:: WHAT THIS TASK INVOLVES ::
Your task is to output the listing exactly, leaving every image out.

:: DATA SHOWN ::
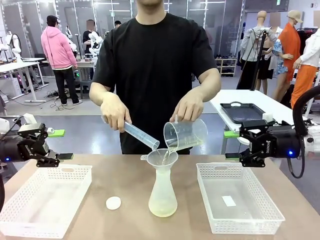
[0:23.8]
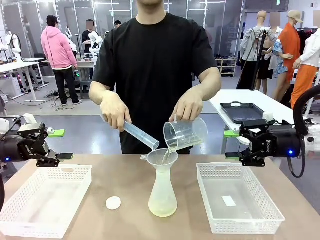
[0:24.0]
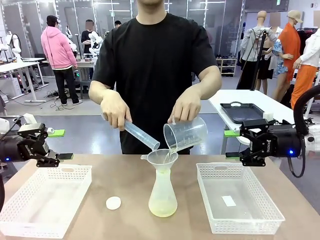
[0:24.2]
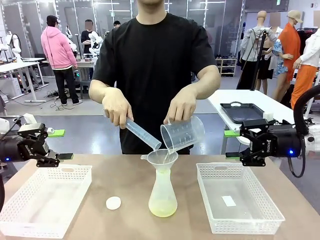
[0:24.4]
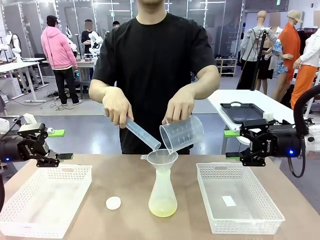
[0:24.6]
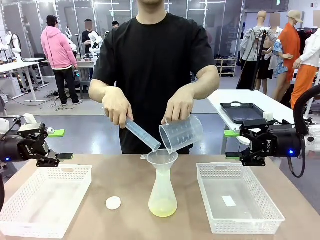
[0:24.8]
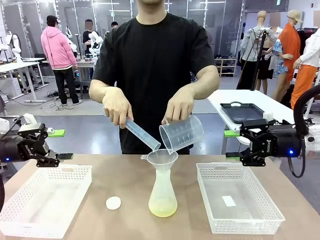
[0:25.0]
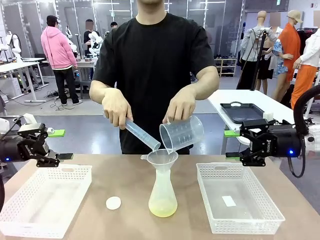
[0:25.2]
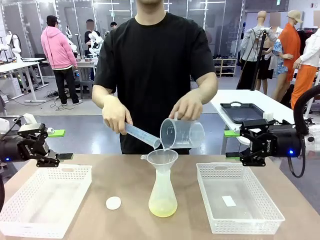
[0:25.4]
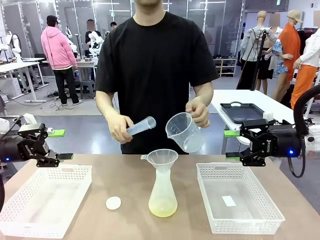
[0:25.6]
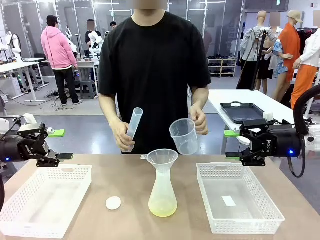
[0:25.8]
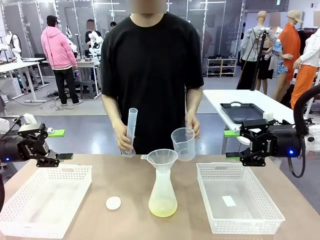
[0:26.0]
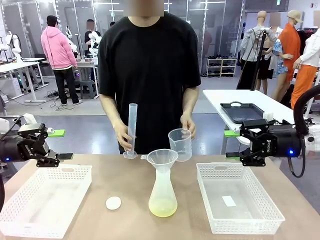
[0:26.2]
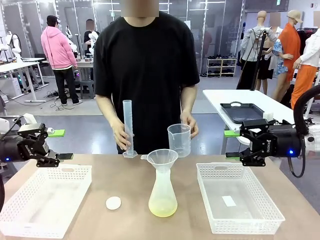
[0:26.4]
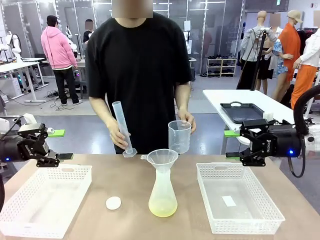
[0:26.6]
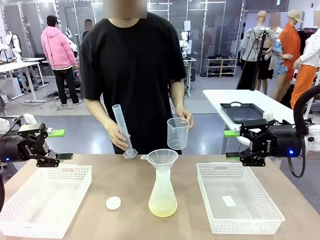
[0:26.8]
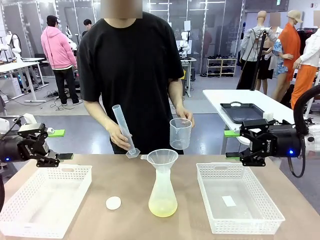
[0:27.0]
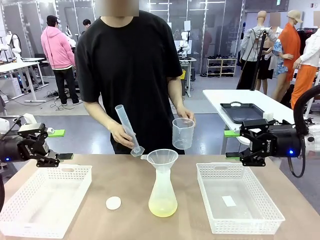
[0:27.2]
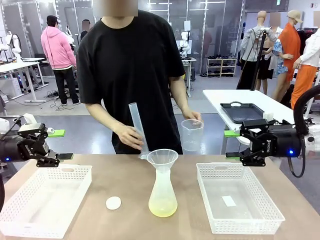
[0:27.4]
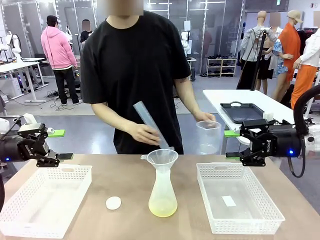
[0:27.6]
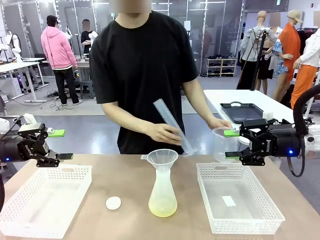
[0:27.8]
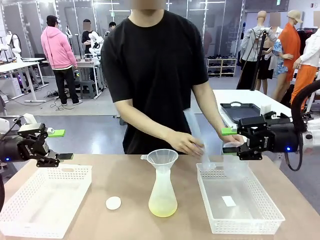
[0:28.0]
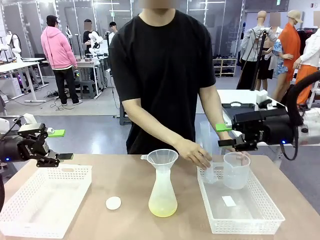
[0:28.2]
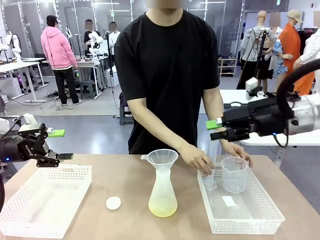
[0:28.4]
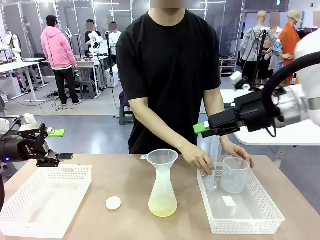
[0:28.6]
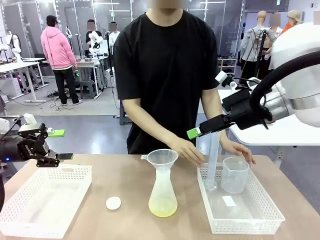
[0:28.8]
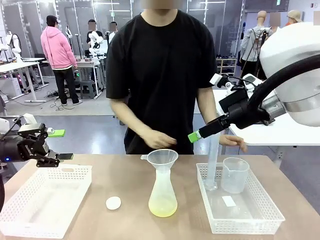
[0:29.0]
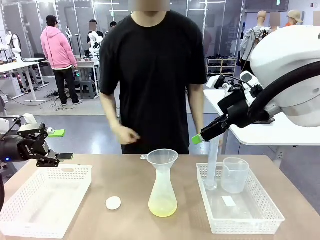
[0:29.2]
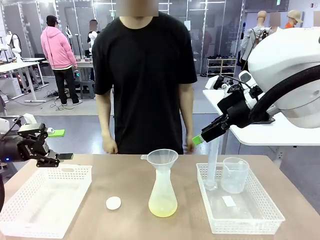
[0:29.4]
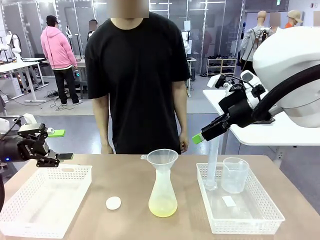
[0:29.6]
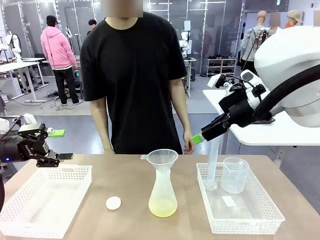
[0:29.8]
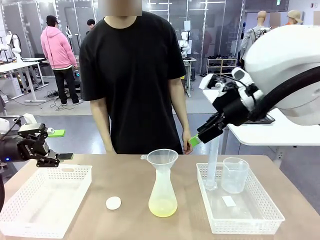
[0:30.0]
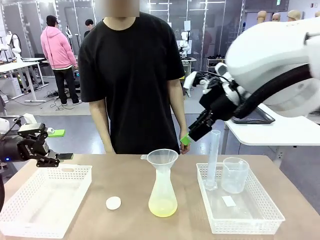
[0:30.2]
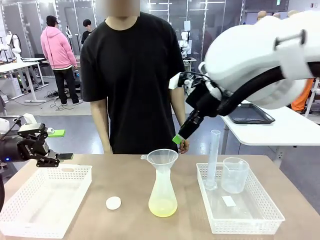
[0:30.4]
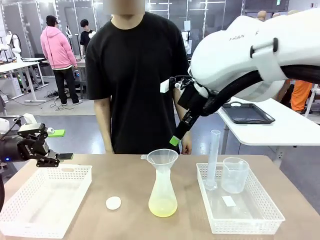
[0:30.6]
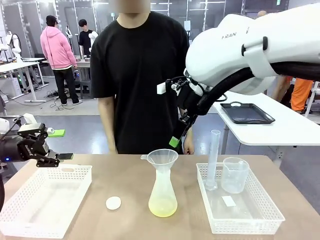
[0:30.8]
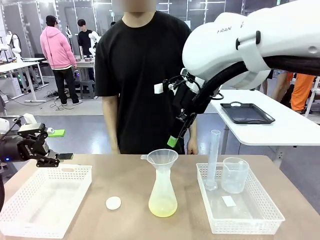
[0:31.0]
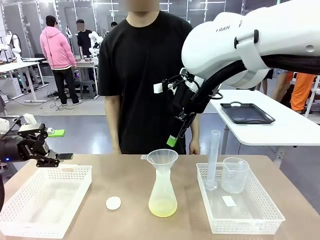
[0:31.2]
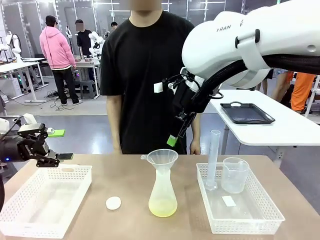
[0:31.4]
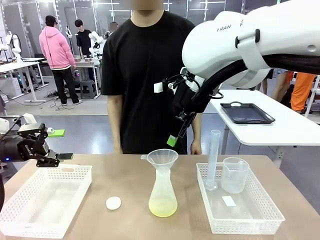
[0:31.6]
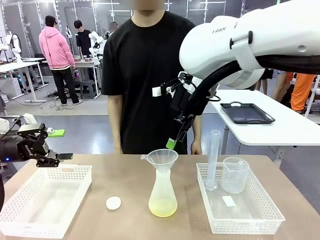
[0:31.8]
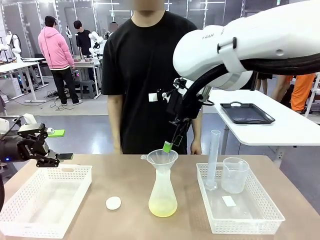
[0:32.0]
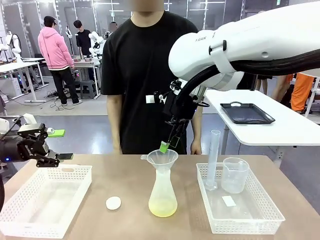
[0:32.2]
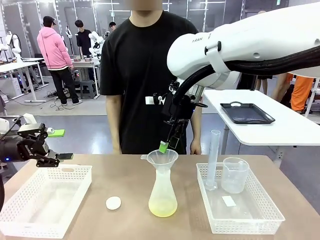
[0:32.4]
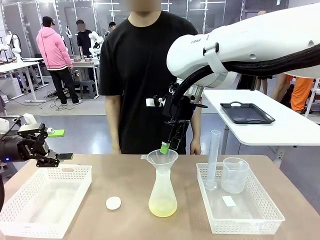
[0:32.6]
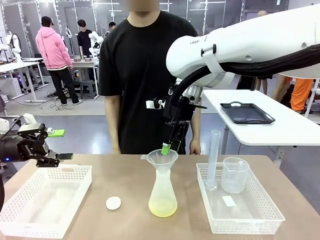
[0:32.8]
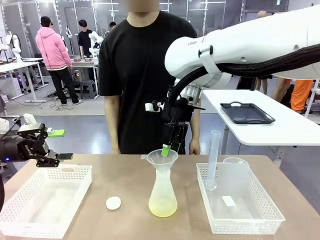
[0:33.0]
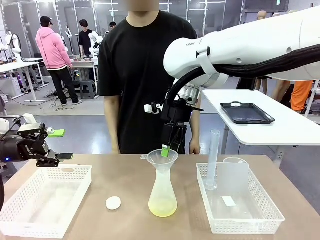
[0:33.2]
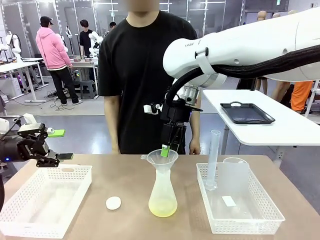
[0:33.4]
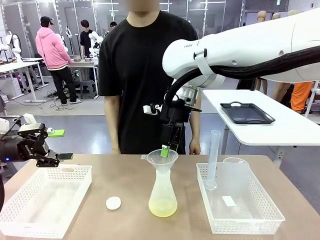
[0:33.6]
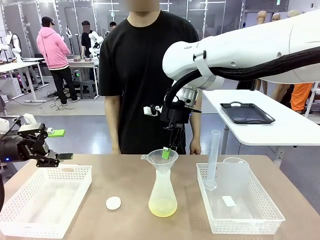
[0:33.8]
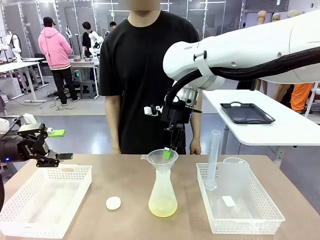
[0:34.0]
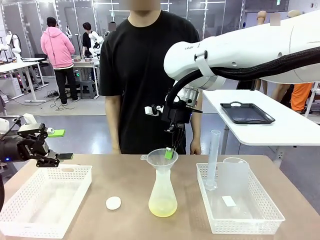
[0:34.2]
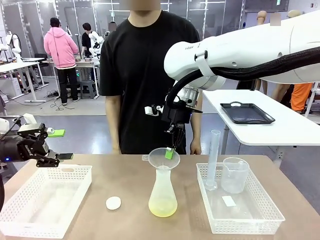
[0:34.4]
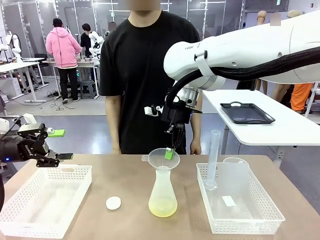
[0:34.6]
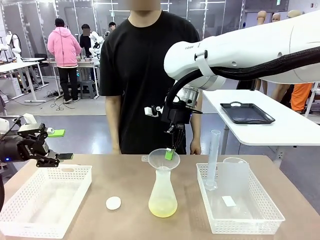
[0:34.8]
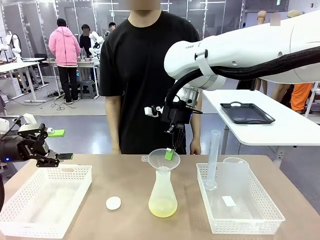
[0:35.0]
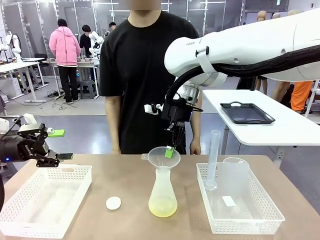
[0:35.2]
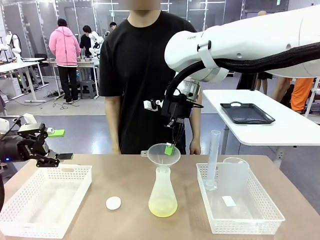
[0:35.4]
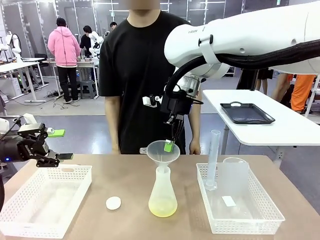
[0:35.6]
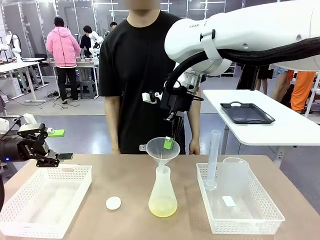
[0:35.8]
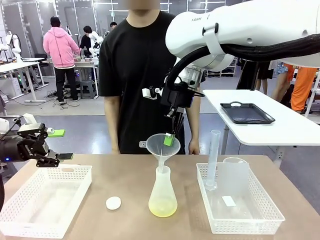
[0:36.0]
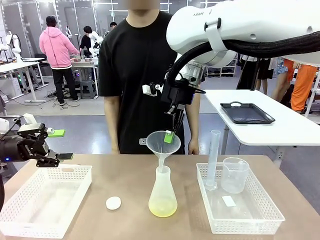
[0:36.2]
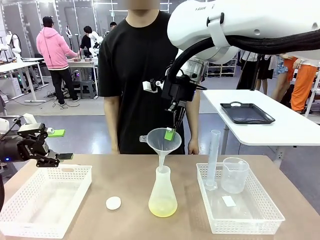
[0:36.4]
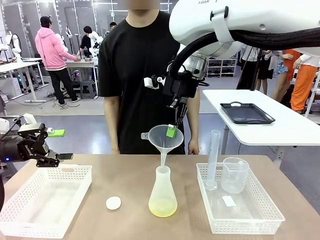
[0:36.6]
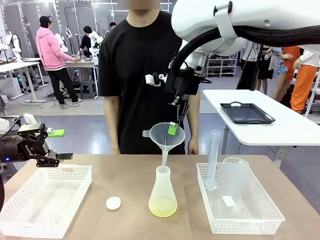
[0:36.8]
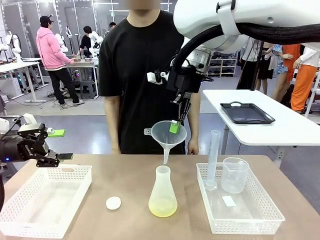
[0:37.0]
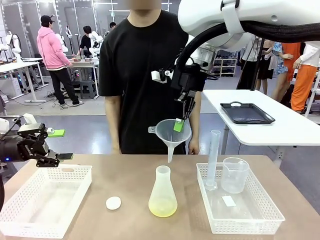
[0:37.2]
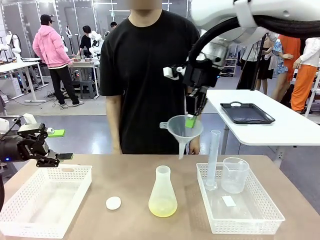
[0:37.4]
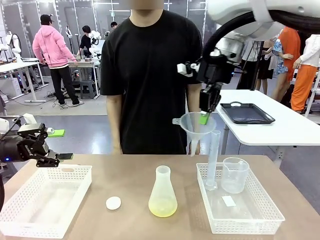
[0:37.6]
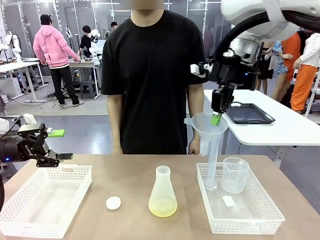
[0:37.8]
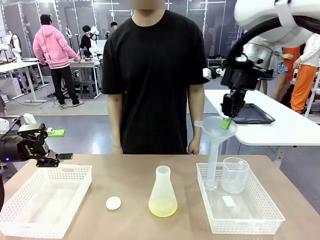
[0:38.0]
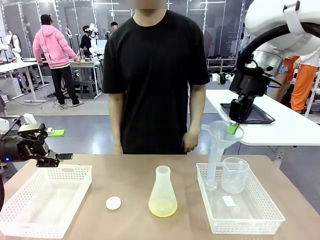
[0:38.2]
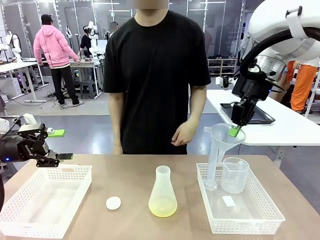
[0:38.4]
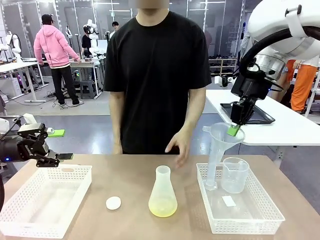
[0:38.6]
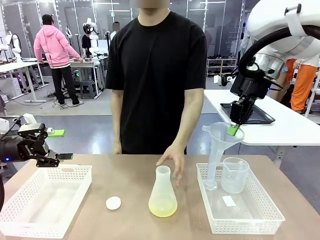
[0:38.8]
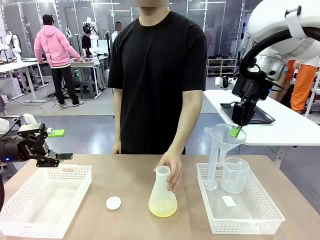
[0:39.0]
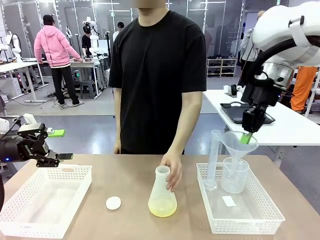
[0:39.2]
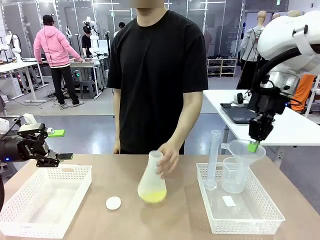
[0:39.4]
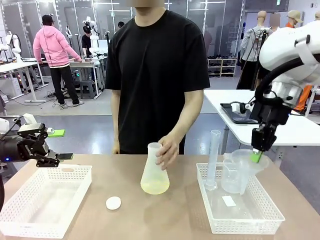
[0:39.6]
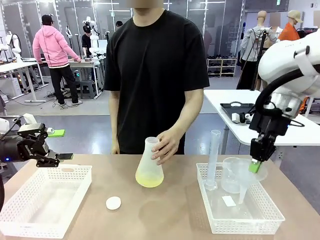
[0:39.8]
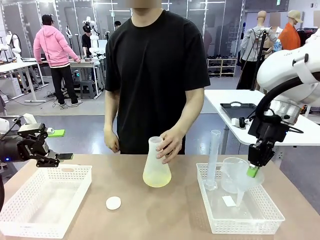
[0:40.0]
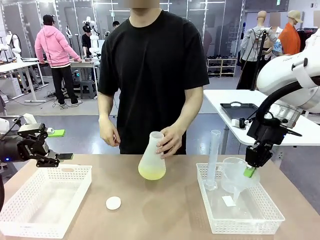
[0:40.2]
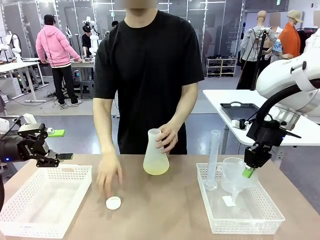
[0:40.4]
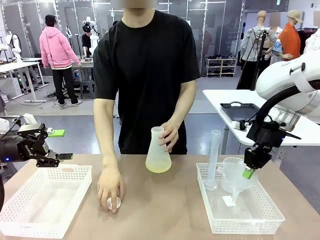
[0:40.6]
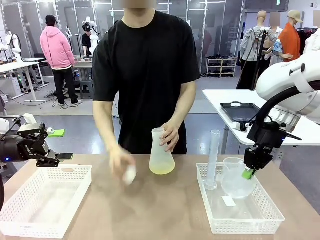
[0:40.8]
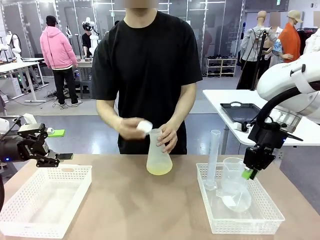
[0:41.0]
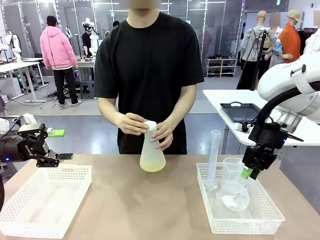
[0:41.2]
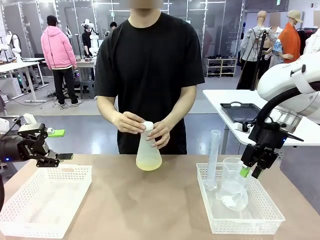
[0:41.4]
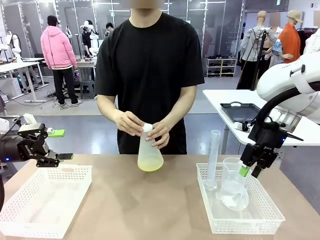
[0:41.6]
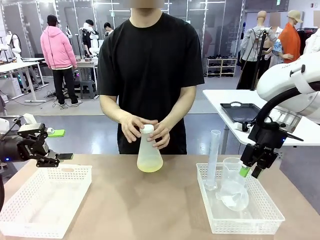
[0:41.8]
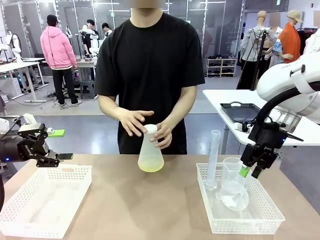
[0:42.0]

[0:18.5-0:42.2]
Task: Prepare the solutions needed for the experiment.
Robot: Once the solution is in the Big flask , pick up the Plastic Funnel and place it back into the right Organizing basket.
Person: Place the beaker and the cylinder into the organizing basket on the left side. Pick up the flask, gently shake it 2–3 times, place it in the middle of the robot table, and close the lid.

:: RESPONSE FOR THIS EXERCISE ::
[0:23.8]
[0:24.0]
[0:24.2]
[0:24.4]
[0:24.6]
[0:24.8]
[0:25.0]
[0:25.2]
[0:25.4]
[0:25.6]
[0:25.8]
[0:26.0]
[0:26.2]
[0:26.4]
[0:26.6]
[0:26.8]
[0:27.0]
[0:27.2]
[0:27.4]
[0:27.6]
[0:27.8]
[0:28.0]
[0:28.2]
[0:28.4]
[0:28.6]
[0:28.8]
[0:29.0]
[0:29.2]
[0:29.4]
[0:29.6]
[0:29.8]
[0:30.0]
[0:30.2]
[0:30.4]
[0:30.6]
[0:30.8]
[0:31.0]
[0:31.2]
[0:31.4]
[0:31.6]
[0:31.8]
[0:32.0]
[0:32.2]
[0:32.4]
[0:32.6]
[0:32.8]
[0:33.0]
[0:33.2]
[0:33.4]
[0:33.6]
[0:33.8]
[0:34.0]
[0:34.2]
[0:34.4]
[0:34.6]
[0:34.8]
[0:35.0]
[0:35.2]
[0:35.4]
[0:35.6]
[0:35.8]
[0:36.0]
[0:36.2]
[0:36.4]
[0:36.6]
[0:36.8]
[0:37.0]
[0:37.2]
[0:37.4]
[0:37.6]
[0:37.8]
[0:38.0]
[0:38.2]
[0:38.4]
[0:38.6]
[0:38.8]
[0:39.0]
[0:39.2]
[0:39.4]
[0:39.6]
[0:39.8]
[0:40.0]
[0:40.2]
[0:40.4]
[0:40.6]
[0:40.8]
[0:41.0]
[0:41.2]
[0:41.4]
[0:41.6]
[0:41.8]
[0:42.0]

[0:18.5-0:42.2]
Task: Prepare the solutions needed for the experiment.
Robot: Once the solution is in the Big flask , pick up the Plastic Funnel and place it back into the right Organizing basket.
Person: Place the beaker and the cylinder into the organizing basket on the left side. Pick up the flask, gently shake it 2–3 times, place it in the middle of the robot table, and close the lid.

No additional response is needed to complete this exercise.